# DATA TO EXAMINE
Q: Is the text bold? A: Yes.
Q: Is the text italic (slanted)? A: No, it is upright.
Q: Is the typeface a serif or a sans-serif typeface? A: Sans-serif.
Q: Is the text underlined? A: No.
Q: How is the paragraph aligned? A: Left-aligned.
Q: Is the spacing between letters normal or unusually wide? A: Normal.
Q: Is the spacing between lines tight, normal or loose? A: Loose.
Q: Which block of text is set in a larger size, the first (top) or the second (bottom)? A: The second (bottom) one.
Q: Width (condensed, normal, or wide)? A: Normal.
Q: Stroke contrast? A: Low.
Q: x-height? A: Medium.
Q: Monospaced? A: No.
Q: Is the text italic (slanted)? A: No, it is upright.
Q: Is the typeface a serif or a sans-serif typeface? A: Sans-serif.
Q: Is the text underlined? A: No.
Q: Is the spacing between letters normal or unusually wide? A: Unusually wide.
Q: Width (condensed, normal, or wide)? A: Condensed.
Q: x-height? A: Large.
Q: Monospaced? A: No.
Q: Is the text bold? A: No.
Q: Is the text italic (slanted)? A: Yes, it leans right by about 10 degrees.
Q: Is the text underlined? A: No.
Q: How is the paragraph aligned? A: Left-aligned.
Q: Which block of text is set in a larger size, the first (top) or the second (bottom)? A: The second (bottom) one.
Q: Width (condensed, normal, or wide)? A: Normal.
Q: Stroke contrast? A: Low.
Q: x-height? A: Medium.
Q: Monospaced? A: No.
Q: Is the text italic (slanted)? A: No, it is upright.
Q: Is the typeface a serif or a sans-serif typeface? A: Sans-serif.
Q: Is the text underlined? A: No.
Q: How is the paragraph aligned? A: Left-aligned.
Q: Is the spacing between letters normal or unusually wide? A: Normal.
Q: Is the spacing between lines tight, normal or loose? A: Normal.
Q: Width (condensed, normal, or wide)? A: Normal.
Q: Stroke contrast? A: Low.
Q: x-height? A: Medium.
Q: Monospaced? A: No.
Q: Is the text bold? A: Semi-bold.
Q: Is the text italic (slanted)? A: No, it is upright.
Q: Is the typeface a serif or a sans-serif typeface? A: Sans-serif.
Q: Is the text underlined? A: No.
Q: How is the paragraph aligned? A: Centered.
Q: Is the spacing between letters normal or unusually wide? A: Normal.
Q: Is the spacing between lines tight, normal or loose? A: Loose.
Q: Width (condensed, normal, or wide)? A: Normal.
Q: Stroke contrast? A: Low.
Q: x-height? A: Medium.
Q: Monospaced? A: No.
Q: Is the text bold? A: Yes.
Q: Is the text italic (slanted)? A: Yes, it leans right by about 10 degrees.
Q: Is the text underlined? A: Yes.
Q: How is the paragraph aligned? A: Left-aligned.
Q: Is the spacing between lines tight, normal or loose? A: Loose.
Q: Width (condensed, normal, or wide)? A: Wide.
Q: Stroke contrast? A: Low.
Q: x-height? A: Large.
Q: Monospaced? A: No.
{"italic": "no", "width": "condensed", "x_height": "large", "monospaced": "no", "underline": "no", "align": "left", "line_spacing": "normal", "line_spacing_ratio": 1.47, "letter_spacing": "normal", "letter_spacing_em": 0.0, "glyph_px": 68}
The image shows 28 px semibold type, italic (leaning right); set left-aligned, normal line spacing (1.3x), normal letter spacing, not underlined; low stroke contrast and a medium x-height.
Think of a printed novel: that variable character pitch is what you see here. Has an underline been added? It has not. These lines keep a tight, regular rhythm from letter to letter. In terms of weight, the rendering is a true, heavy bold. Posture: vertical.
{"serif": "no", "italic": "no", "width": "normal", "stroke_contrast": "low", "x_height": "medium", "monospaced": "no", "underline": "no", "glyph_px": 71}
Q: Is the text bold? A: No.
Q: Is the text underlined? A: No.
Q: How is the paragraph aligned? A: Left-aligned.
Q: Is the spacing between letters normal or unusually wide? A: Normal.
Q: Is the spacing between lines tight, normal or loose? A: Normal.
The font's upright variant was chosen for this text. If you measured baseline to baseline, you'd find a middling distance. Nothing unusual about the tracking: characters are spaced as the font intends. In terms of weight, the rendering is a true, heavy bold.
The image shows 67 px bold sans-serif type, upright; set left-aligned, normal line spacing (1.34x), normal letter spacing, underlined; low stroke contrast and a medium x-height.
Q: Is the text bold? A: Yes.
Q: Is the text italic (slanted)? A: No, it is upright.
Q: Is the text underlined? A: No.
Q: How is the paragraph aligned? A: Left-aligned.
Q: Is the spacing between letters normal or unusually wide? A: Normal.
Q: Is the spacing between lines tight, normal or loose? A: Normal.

# PROBLEM
The data must be given again in full. Keep every line identical.

# WRITTEN RESPONSE
Q: Is the text bold? A: Yes.
Q: Is the text italic (slanted)? A: No, it is upright.
Q: Is the typeface a serif or a sans-serif typeface? A: Sans-serif.
Q: Is the text underlined? A: No.
Q: How is the paragraph aligned? A: Left-aligned.
Q: Is the spacing between letters normal or unusually wide? A: Normal.
Q: Is the spacing between lines tight, normal or loose? A: Loose.
Q: Which block of text is set in a larger size, the first (top) or the second (bottom)? A: The second (bottom) one.
Q: Width (condensed, normal, or wide)? A: Normal.
Q: Stroke contrast? A: Low.
Q: x-height? A: Medium.
Q: Monospaced? A: No.
Q: Is the text italic (slanted)? A: No, it is upright.
Q: Is the typeface a serif or a sans-serif typeface? A: Sans-serif.
Q: Is the text underlined? A: No.
Q: Is the spacing between letters normal or unusually wide? A: Unusually wide.
Q: Width (condensed, normal, or wide)? A: Condensed.
Q: x-height? A: Large.
Q: Monospaced? A: No.
Q: Is the text bold? A: No.
Q: Is the text italic (slanted)? A: Yes, it leans right by about 10 degrees.
Q: Is the text underlined? A: No.
Q: How is the paragraph aligned? A: Left-aligned.
Q: Which block of text is set in a larger size, the first (top) or the second (bottom)? A: The second (bottom) one.
Q: Width (condensed, normal, or wide)? A: Normal.
Q: Stroke contrast? A: Low.
Q: x-height? A: Medium.
Q: Monospaced? A: No.
Q: Is the text italic (slanted)? A: No, it is upright.
Q: Is the typeface a serif or a sans-serif typeface? A: Sans-serif.
Q: Is the text underlined? A: No.
Q: How is the paragraph aligned? A: Left-aligned.
Q: Is the spacing between letters normal or unusually wide? A: Normal.
Q: Is the spacing between lines tight, normal or loose? A: Normal.
Q: Width (condensed, normal, or wide)? A: Normal.
Q: Stroke contrast? A: Low.
Q: x-height? A: Medium.
Q: Monospaced? A: No.
Q: Is the text bold? A: Semi-bold.
Q: Is the text italic (slanted)? A: No, it is upright.
Q: Is the typeface a serif or a sans-serif typeface? A: Sans-serif.
Q: Is the text underlined? A: No.
Q: How is the paragraph aligned? A: Centered.
Q: Is the spacing between letters normal or unusually wide? A: Normal.
Q: Is the spacing between lines tight, normal or loose? A: Loose.
Q: Width (condensed, normal, or wide)? A: Normal.
Q: Stroke contrast? A: Low.
Q: x-height? A: Medium.
Q: Monospaced? A: No.
Q: Is the text bold? A: Yes.
Q: Is the text italic (slanted)? A: Yes, it leans right by about 10 degrees.
Q: Is the text underlined? A: Yes.
Q: How is the paragraph aligned? A: Left-aligned.
Q: Is the spacing between lines tight, normal or loose? A: Loose.
Q: Width (condensed, normal, or wide)? A: Wide.
Q: Stroke contrast? A: Low.
Q: x-height? A: Large.
Q: Monospaced? A: No.
{"italic": "no", "width": "condensed", "x_height": "large", "monospaced": "no", "underline": "no", "align": "left", "line_spacing": "normal", "line_spacing_ratio": 1.47, "letter_spacing": "normal", "letter_spacing_em": 0.0, "glyph_px": 68}
The image shows 28 px semibold type, italic (leaning right); set left-aligned, normal line spacing (1.3x), normal letter spacing, not underlined; low stroke contrast and a medium x-height.
Think of a printed novel: that variable character pitch is what you see here. Has an underline been added? It has not. These lines keep a tight, regular rhythm from letter to letter. In terms of weight, the rendering is a true, heavy bold. Posture: vertical.
{"serif": "no", "italic": "no", "width": "normal", "stroke_contrast": "low", "x_height": "medium", "monospaced": "no", "underline": "no", "glyph_px": 71}
Q: Is the text bold? A: No.
Q: Is the text underlined? A: No.
Q: How is the paragraph aligned? A: Left-aligned.
Q: Is the spacing between letters normal or unusually wide? A: Normal.
Q: Is the spacing between lines tight, normal or loose? A: Normal.
The font's upright variant was chosen for this text. If you measured baseline to baseline, you'd find a middling distance. Nothing unusual about the tracking: characters are spaced as the font intends. In terms of weight, the rendering is a true, heavy bold.
The image shows 67 px bold sans-serif type, upright; set left-aligned, normal line spacing (1.34x), normal letter spacing, underlined; low stroke contrast and a medium x-height.
Q: Is the text bold? A: Yes.
Q: Is the text italic (slanted)? A: No, it is upright.
Q: Is the text underlined? A: No.
Q: How is the paragraph aligned? A: Left-aligned.
Q: Is the spacing between letters normal or unusually wide? A: Normal.
Q: Is the spacing between lines tight, normal or loose? A: Normal.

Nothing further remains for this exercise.